LISTED ENTRIES »

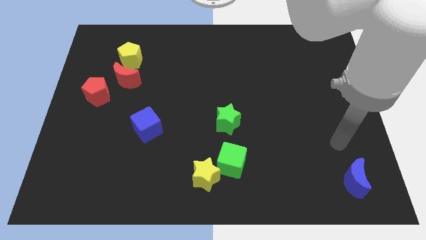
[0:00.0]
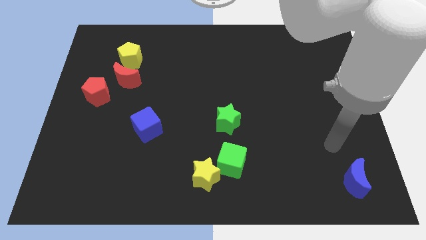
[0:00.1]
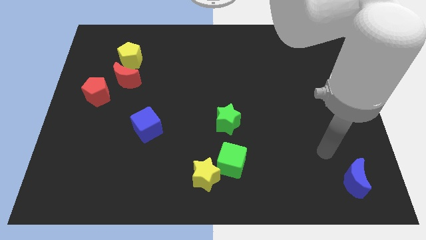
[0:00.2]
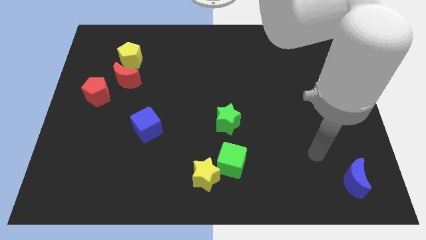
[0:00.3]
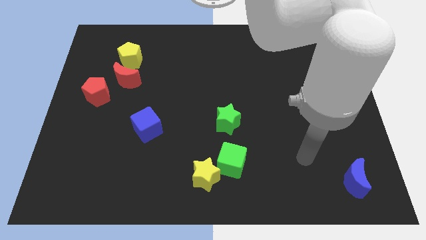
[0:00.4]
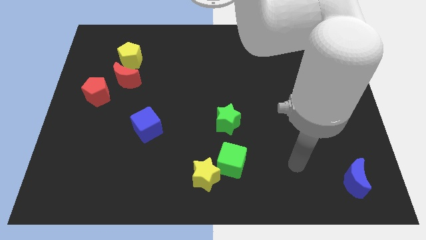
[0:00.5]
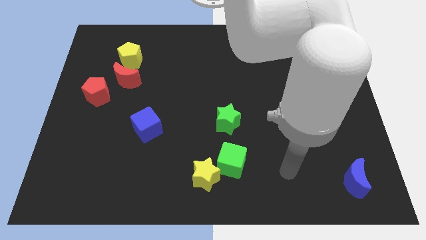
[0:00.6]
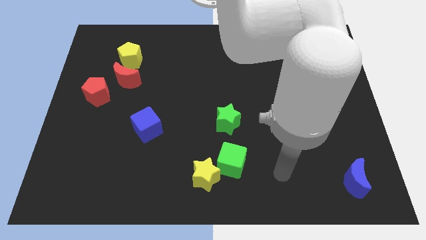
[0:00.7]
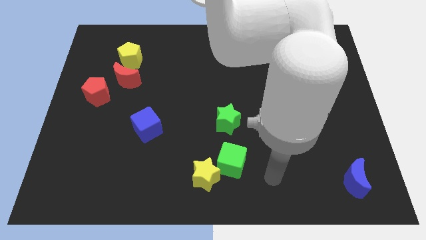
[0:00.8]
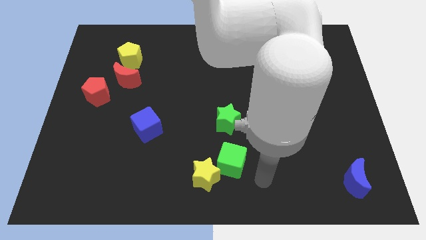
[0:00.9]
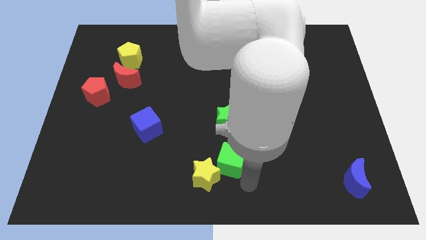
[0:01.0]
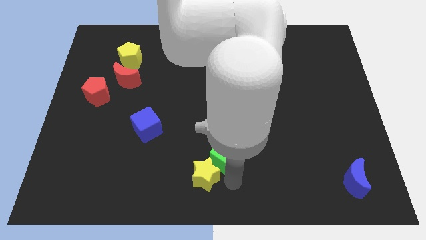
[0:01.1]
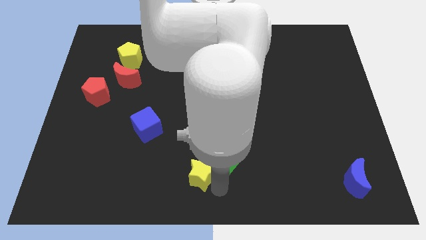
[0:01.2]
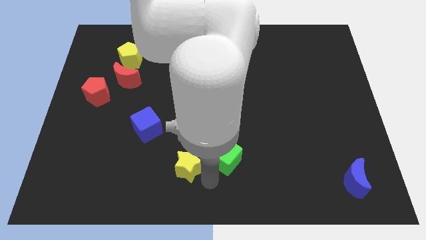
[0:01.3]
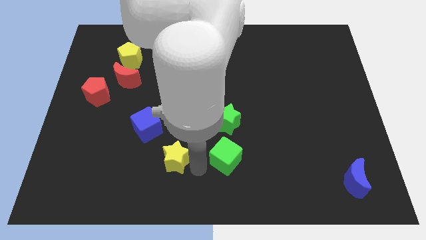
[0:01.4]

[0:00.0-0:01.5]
move the green cube away from the yellow star

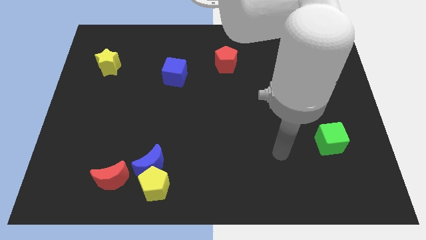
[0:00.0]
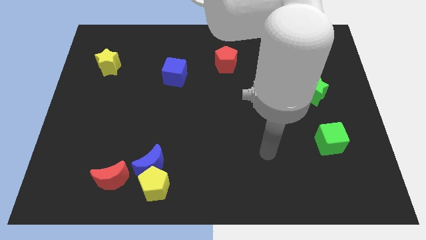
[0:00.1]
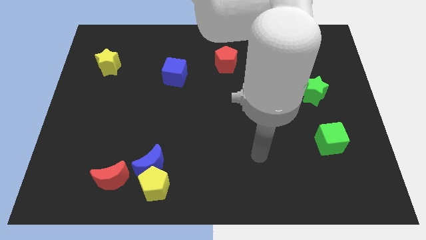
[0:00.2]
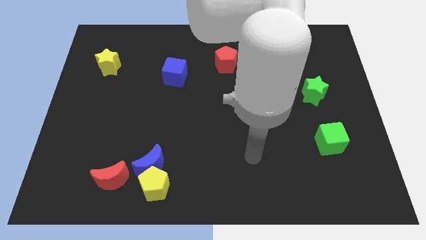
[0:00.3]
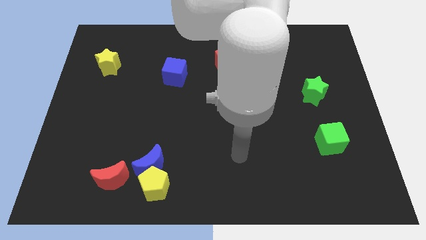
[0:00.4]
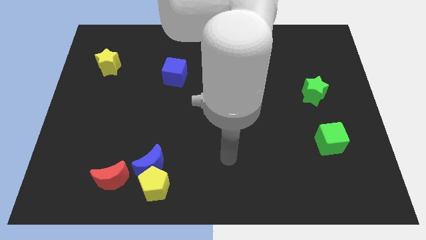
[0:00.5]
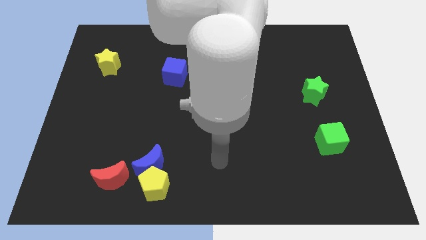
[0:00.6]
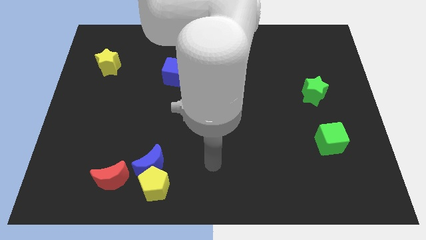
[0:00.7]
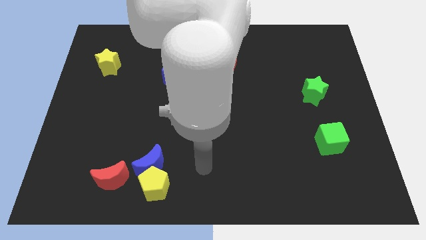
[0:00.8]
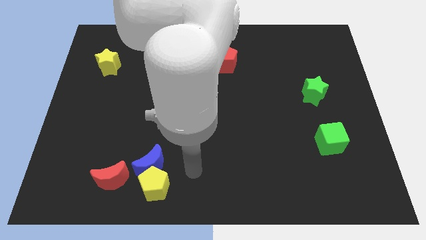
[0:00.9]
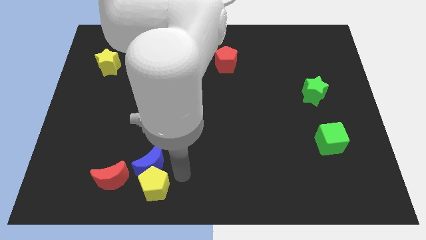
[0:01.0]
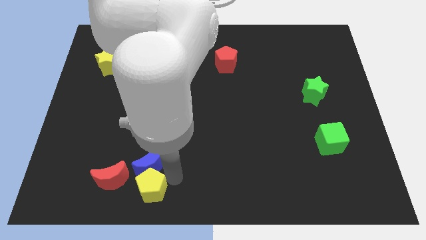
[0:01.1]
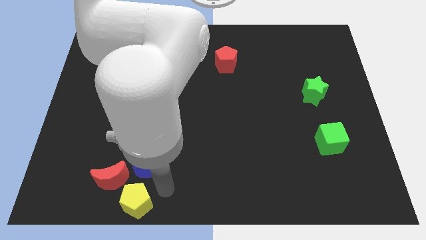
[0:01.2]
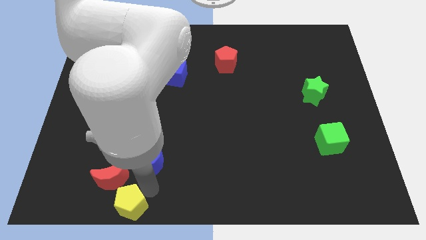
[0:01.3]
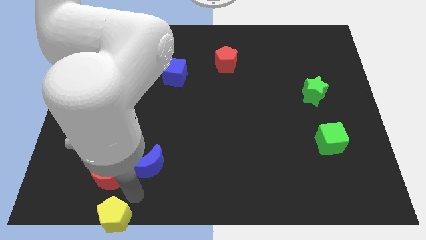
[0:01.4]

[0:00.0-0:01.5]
separate the blue moon from the yellow pentagon and red moon

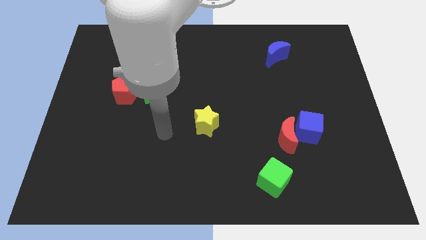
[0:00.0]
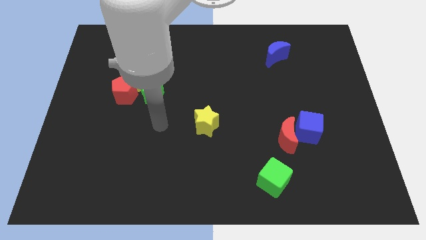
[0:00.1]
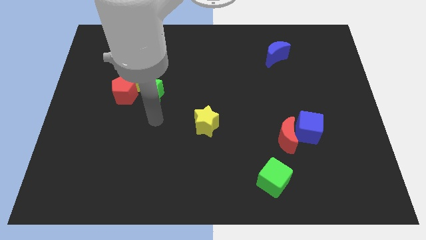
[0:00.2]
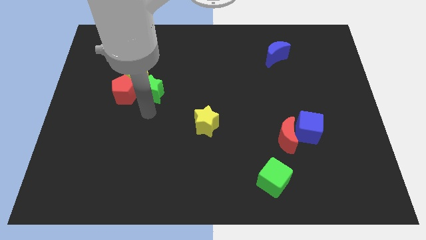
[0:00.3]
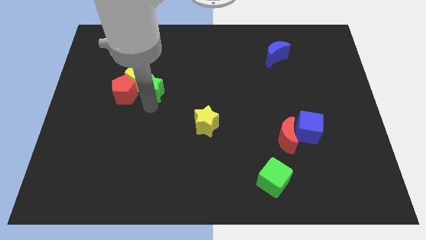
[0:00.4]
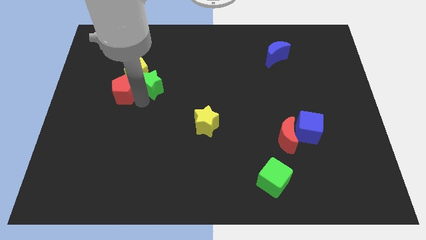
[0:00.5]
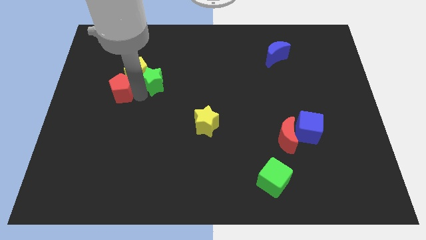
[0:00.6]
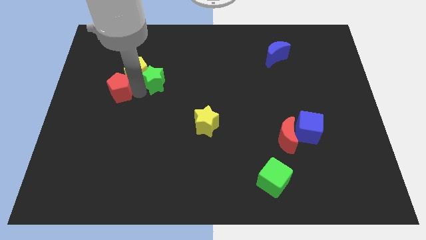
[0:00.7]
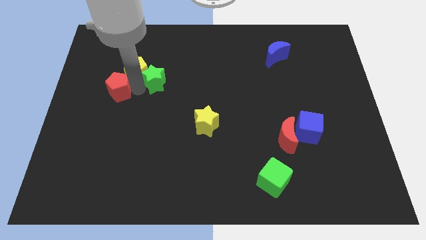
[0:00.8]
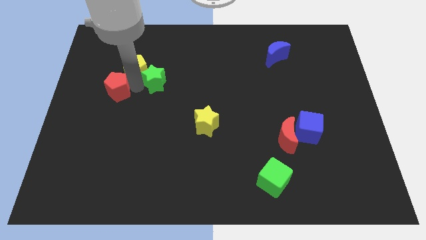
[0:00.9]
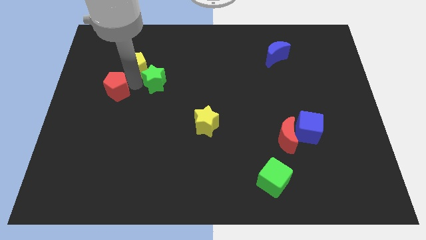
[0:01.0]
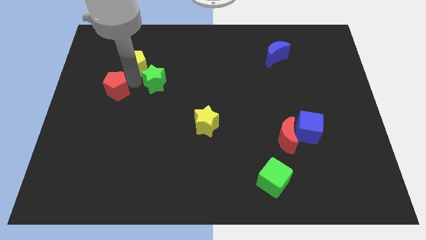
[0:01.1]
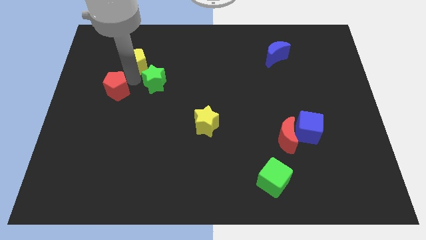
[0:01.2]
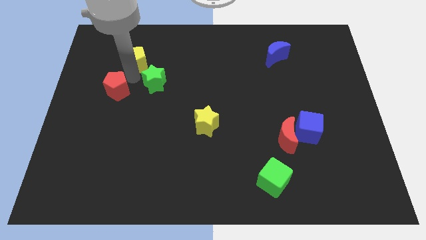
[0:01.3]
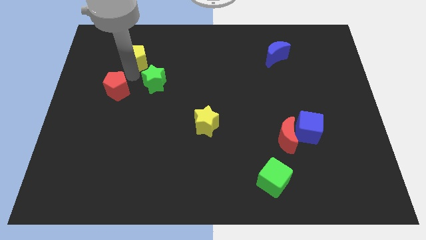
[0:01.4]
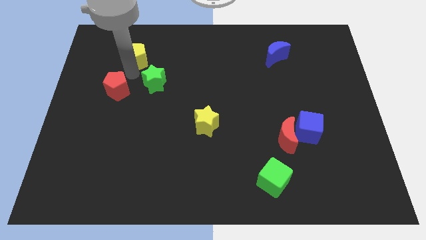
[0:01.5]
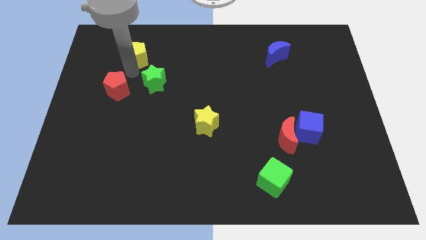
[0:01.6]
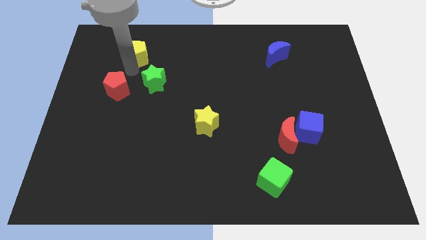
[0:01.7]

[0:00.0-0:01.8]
separate the yellow pentagon from the red pentagon and green star

EXERCISE GOAL » Copy the material exactly. Do not include the pictures.

PROBLEM SOLUTION »
[0:00.0]
[0:00.1]
[0:00.2]
[0:00.3]
[0:00.4]
[0:00.5]
[0:00.6]
[0:00.7]
[0:00.8]
[0:00.9]
[0:01.0]
[0:01.1]
[0:01.2]
[0:01.3]
[0:01.4]

[0:00.0-0:01.5]
move the green cube away from the yellow star

[0:00.0]
[0:00.1]
[0:00.2]
[0:00.3]
[0:00.4]
[0:00.5]
[0:00.6]
[0:00.7]
[0:00.8]
[0:00.9]
[0:01.0]
[0:01.1]
[0:01.2]
[0:01.3]
[0:01.4]

[0:00.0-0:01.5]
separate the blue moon from the yellow pentagon and red moon

[0:00.0]
[0:00.1]
[0:00.2]
[0:00.3]
[0:00.4]
[0:00.5]
[0:00.6]
[0:00.7]
[0:00.8]
[0:00.9]
[0:01.0]
[0:01.1]
[0:01.2]
[0:01.3]
[0:01.4]
[0:01.5]
[0:01.6]
[0:01.7]

[0:00.0-0:01.8]
separate the yellow pentagon from the red pentagon and green star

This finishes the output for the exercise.